Princípios éticos internacionais foram
proferidos por fundadores de religiões que hoje fazem parte do patrimônio da
ética mundial. É de Zoroastro o primeiro princípio chamado “regra de
ouro”(Mt.7,21): “Não faças aos outros o que não queres que façam a você”. E
Confúcio, da China dizia: “Quando vires um homem bom tente imitá-lo; um mau,
examina-te a ti mesmo”. Não foi sem razão que o vaticano II declarou a respeito da salvação universal: “Tudo que
de bom e verdadeiro neles há é considerado pela Igreja como preparação para o
evangelho e para que possuam a vida eterna” (Lumen Gentium, N.16).
Conclusão.
Voltando ao mote com que iniciamos: “os gregos aprenderam para compreender, os
hebreus para reverenciar” diremos agora a mesma coisa para as outras religiões,
e que a religião hebraica partilhou muita coisa das outras religiões. A
Pontifícia Comissão Biblica nos diz: “O estudo das múltiplas formas de
paralelismo permite um melhor discernimento da estrutura literária dos textos
bíblicos”; e “todos se baseiam numa cosmologia já ultrapassada”. Denuncia
também a leitura fundamentalista como sendo “uma grande estreiteza de visão ao
analisar certos episódios só porque encontram-se na Bíblia”. E afirma a
necessidade de uma interpretação no hoje do nosso mundo porque “os textos da
Bíblia são a expressão de tradições religiosas que existiam antes deles, os quais foram retrabalhados e
reinterpretados para responderem a situações novas desconhecidas
anteriormente”. (Pont. Com. Bíblica, 1994).

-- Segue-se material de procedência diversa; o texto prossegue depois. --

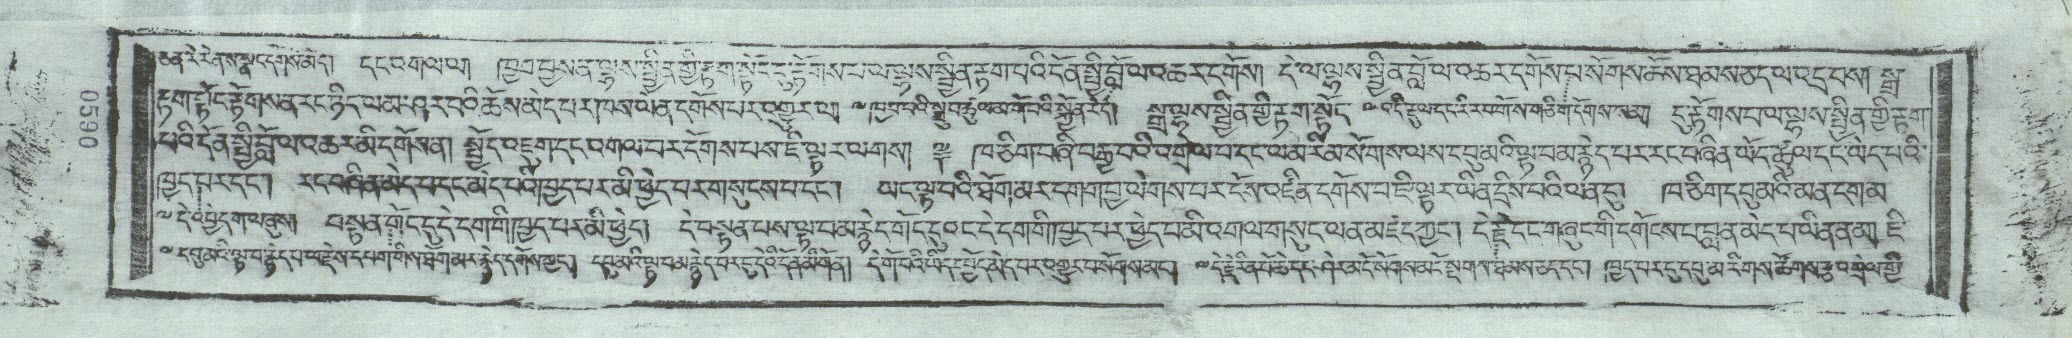ཅན་རེ་རེ་ནས་སྣང་དོགས་མེད། དང་འགལ་ལ། ཁྱབ་བྱས་ན་ལྷས་སྦྱིན་གྱི་རྟག་སྟོང་དུ་རྟོགས་པ་ལ་ལྷས་སྦྱིན་རྟག་པའི་དོན་སྤྱི་བློ་ལ་འཆར་དགོས། དེ་ལ་ལྷས་སྦྱིན་བློ་ལ་འཆར་དགོས་པ་སོགས་ཆོས་ཐམས་ཅད་ལ་འདྲ་བས། སྒྲ་
རྟག་སྟོང་རྟོགས་ན་རང་ཉིད་ལམ་ཤར་བའི་ཆོས་མེད་པར་ཁས་ལེན་དགོས་པར་འགྱུར་ལ། ༧ཁྱབ་པའི་སྒྲུབ་ཚུལ་མགོ་བའི་སྐྱོན་རེད།  སྒྲ་ལྷས་སྦྱིན་གྱི་རྟག་སྟོང་༧འདི་རྡུལ་དང་རི་རབ་གོས་གཅིག་དོགས་སམ།  དུ་རྟོགས་པ་ལ་ལྷས་སྦྱིན་གྱི་རྟག་
པའི་དོན་སྤྱི་བློ་ལ་འཆར་མི་དགོས་ན། སྤྱོད་འཇུག་དང་འགལ་བར་དོགས་པས་ཇི་ལྟར་ལགས། ༈ ཁ་ཅིག་བཞི་བརྒྱ་བའི་འགྲེལ་བ་དང་ལམ་རིམ་སོགས་ལས་དབུ་མའི་ལྟ་བ་མ་རྙེད་པར་རང་བཞིན་ཡོད་ཚུལ་དང་ཡོད་པའི་
ཁྱད་པར་དང་། རང་བཞིན་མེད་པ་དང་མེད་པའི་ཁྱད་པར་མི་ཕྱེད་པར་གསུངས་པ་དང་། ཡང་ལྟ་བའི་ཐོག་མར་དགག་བྱ་ལེགས་པར་ངོས་འཛིན་དགོས་པ་ཇི་ལྟར་ཡིན་དྲིས་པའི་ལན་དུ། ཁ་ཅིག་དབུ་མའི་མན་ངག་མ་
༧དེ་འབྱེད་གལ་ནུས།  བསྟན་གོང་དུ་དེ་དག་གི་ཁྱད་པར་མི་ཕྱེད། དེ་བསྟན་པས་ལྟ་བ་མ་རྙེད་གོང་དུའང་དེ་དག་གི་ཁྱད་པར་ཕྱེད་པ་མི་འགལ་གསུང་ལན་མཛད་ཀྱང་། དེ་རྗེ་དང་གཞུང་གི་དགོངས་བ་བླ་ན་མེད་པ་ཡིན་ནམ། ཇི་
༧དབུ་མའི་ལྟ་བ་རྙེད་བ་ལ་རྗེས་དཔག་གིས་ཐོག་མར་རྙེད་དགོས་ཀྱང་། དབུ་མའི་ལྟ་བ་མ་རྙེད་བ་བཅུ་དེའི་དོན་མི་གོ་ན། དེ་གོ་བའི་ཡིད་དཔྱོད་མེད་པར་འགྱུར་བ་སོགས་མང་། ༧དེ་རྗེ་རིན་པོ་ཆེ་དང་ཤེར་མདོ་སོགས་མདོ་སྔགས་ཐམས་ཅད་དང་། ཁྱད་པར་དུ་དབུ་མ་རིགས་ཚོགས་རྩ་འཕྲེལ་གྱི་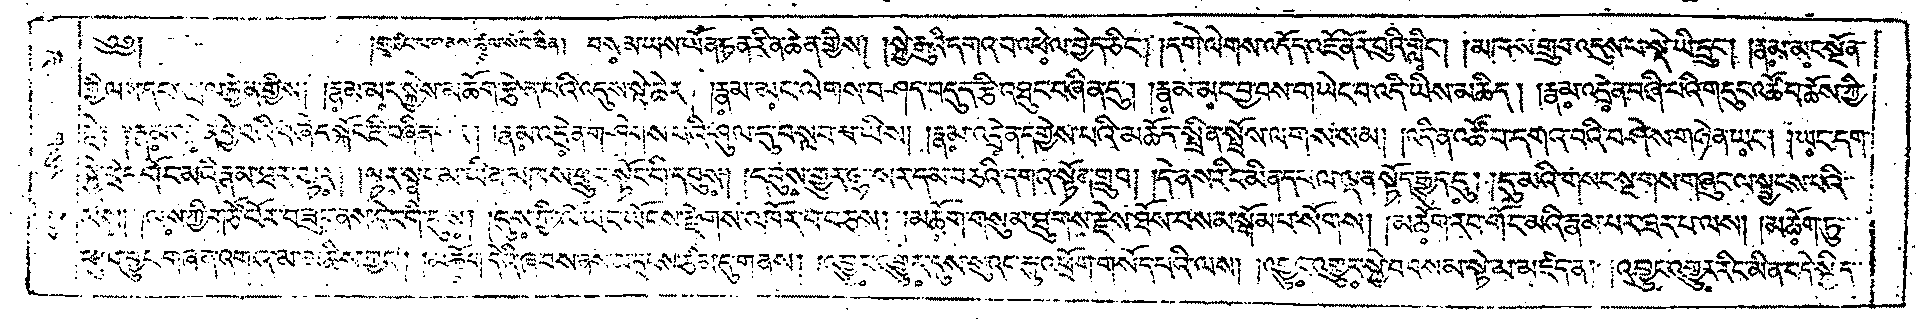༄༅། །གྲྭ་ཚང་ལ་གནས་ཚུལ་སོང་ཟིན། བསམ྾་ཡས་ཡོན་ཏན་རིན་ཆེན་གྱིས། །སྐྱེ་རྒུའི་དགའ་བ་འཕེལ྾་བྱེད་ཅིང་། །དགེ་ལེགས་འདོད་འཇོ་ནོར་བུའི་གླིང྾། །མཁས་གྲུབ་འདུས་པ་སྡེ་ཡི་དྲུང་། །རྣམ྾་མང྾་སྔོན་
གྱི་ལས་དང་འཕྲལ་རྐྱེན་གྱིས། །རྣམ྾་མང྾་སྐྱེས་མཆོག་རྩེན་པའི་འདུས་སྡེ་ཆེར། །རྣམ྾་མང྾་ལེགས་བཤད་བདུད་རྩི་འཐུང་བཞིན་དུ། །རྣམ྾་མང྾་བྱ་བས་གཡེང་བ་འདི་ཡིས་མཆིད། །རྣམ྾་འདྲེན྾་བཞི་པའི་གདུང་འཚོ་བ་ཆོས་ཀྱི་
རྗེ༑ ༑རྣམ྾་འདྲེན྾་བྱེ་བའི་བཞེད་སྐོང་ཇི་བཞིན་པར། །རྣམ྾་འདྲེན྾་གཤེགས་པའི་ཤུལ་དུ་བསླབ་པ་ཡིས། །རྣམ྾་འདྲེན྾་དགྱེས་པའི་མཆོད་སྤྲིན་སྤྲོས་ལགས་སམ། །འདི་ན་འཚོ་བ་དགའ་བའི་བཤེས་གཉེན་ཡང྾། །ཡང྾་དག་
སྐྱེ་ཕྲེང་གོང་མའི་རྣམ་ཐར་ལྟར྾། །ལྟར྾་སྣང་མ་ཡིན་མཁས་གྲུབ་སྟོང་གི་དབུས྾། །དབུས྾་གྱུར་ལྷ་སར་དམ་བཅའི་དགའ་སྟོན་གྲུབ། །དེ་ནས་རིང་མིན་དཔལ་ལྡན་སྟོད་རྒྱུད་དུ྾། །དུ྾་མའི་གསང་སྔགས་གཞུང་ལ་སྦྱངས་པའི་
ལས྾། །ལས྾་ཀྱི་གཙོ་བོར་བཟུང་ནས་དེང་གི་དུས྾། །དུས྾་ཀྱི་ལོ་ཡང་ཡོངས་རྫོགས་འཁོར་བ་བཅས། །མཆོག྾་གསུམ་ཐུགས་རྗེས་ཐོས་བསམ་སྒོམ་པ་སོགས། །མཆོག྾་རབ་གོང་མའི་རྣམ་པར་ཐར་པ་ལས། །མཆོག྾་ཏུ་
ཕུལ་བྱུང་གཞན་འགའ་མ་མཆིས་ཀྱང་། །མཆོག྾་དེའི་ཞབས་ནས་མ་དྲངས་ཙམ་དུ་གནས། །འབྱུང྾་འགྱུར྾་དུས་སུའང་རྐུ་འཕྲོག་གསོད་པའི་ལས། །འབྱུང྾་འགྱུར྾་སྐྱེ་བ་བསམ་སྟེ་མ་མཛད་ན། །འབྱུང྾་འགྱུར྾་རིང་མིན་བདེ་སྐྱིད་

Parafraseando então e retomando a
afirmação de Abraham Yoswa concluiremos que a fé dos povos nasceu para
reverenciar enquanto que a ciência é para compreender. E como afirma também
Umberto Galimberti: “raciocinar” é mais dificil do que “crer”(Rastros do Sagrado, p.327) por isso em
tantas nações uma só pessoa passou sua experiência religiosa para multidões, e
sua experiência atingiu facilmente milhões.